Every record must be reproduced exactly. Leave none out.

_DATA UNDER STUDY:_
Segment Open

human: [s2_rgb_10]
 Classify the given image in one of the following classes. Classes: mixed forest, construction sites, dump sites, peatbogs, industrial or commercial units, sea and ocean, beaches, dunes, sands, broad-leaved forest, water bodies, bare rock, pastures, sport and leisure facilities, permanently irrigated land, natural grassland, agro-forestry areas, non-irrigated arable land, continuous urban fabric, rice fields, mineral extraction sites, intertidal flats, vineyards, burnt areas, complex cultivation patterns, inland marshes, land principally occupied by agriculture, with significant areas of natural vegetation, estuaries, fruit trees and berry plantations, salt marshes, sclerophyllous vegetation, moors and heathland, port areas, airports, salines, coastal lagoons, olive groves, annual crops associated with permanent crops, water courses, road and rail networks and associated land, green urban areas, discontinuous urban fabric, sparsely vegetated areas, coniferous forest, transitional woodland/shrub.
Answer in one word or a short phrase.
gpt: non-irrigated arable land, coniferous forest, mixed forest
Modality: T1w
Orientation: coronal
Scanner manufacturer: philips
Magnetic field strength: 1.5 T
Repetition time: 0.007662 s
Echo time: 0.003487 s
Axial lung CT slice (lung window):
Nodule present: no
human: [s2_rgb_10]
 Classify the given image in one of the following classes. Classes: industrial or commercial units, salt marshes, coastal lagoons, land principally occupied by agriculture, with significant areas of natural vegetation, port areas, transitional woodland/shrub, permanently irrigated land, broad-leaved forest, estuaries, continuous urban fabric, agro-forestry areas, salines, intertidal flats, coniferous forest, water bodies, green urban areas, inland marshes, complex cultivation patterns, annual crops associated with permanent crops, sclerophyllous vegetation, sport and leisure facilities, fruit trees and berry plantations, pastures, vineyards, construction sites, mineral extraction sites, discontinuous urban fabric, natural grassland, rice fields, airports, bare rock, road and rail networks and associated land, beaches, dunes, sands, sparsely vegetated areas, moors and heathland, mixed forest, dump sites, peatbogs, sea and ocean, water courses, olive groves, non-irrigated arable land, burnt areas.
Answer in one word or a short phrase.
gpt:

Segment Closed

_WRITTEN ANSWER:_
human: [s2_rgb_10]
 Classify the given image in one of the following classes. Classes: mixed forest, construction sites, dump sites, peatbogs, industrial or commercial units, sea and ocean, beaches, dunes, sands, broad-leaved forest, water bodies, bare rock, pastures, sport and leisure facilities, permanently irrigated land, natural grassland, agro-forestry areas, non-irrigated arable land, continuous urban fabric, rice fields, mineral extraction sites, intertidal flats, vineyards, burnt areas, complex cultivation patterns, inland marshes, land principally occupied by agriculture, with significant areas of natural vegetation, estuaries, fruit trees and berry plantations, salt marshes, sclerophyllous vegetation, moors and heathland, port areas, airports, salines, coastal lagoons, olive groves, annual crops associated with permanent crops, water courses, road and rail networks and associated land, green urban areas, discontinuous urban fabric, sparsely vegetated areas, coniferous forest, transitional woodland/shrub.
Answer in one word or a short phrase.
gpt: non-irrigated arable land, coniferous forest, mixed forest
Modality: T1w
Orientation: coronal
Scanner manufacturer: philips
Magnetic field strength: 1.5 T
Repetition time: 0.007662 s
Echo time: 0.003487 s
Axial lung CT slice (lung window):
Nodule present: no
human: [s2_rgb_10]
 Classify the given image in one of the following classes. Classes: industrial or commercial units, salt marshes, coastal lagoons, land principally occupied by agriculture, with significant areas of natural vegetation, port areas, transitional woodland/shrub, permanently irrigated land, broad-leaved forest, estuaries, continuous urban fabric, agro-forestry areas, salines, intertidal flats, coniferous forest, water bodies, green urban areas, inland marshes, complex cultivation patterns, annual crops associated with permanent crops, sclerophyllous vegetation, sport and leisure facilities, fruit trees and berry plantations, pastures, vineyards, construction sites, mineral extraction sites, discontinuous urban fabric, natural grassland, rice fields, airports, bare rock, road and rail networks and associated land, beaches, dunes, sands, sparsely vegetated areas, moors and heathland, mixed forest, dump sites, peatbogs, sea and ocean, water courses, olive groves, non-irrigated arable land, burnt areas.
Answer in one word or a short phrase.
gpt:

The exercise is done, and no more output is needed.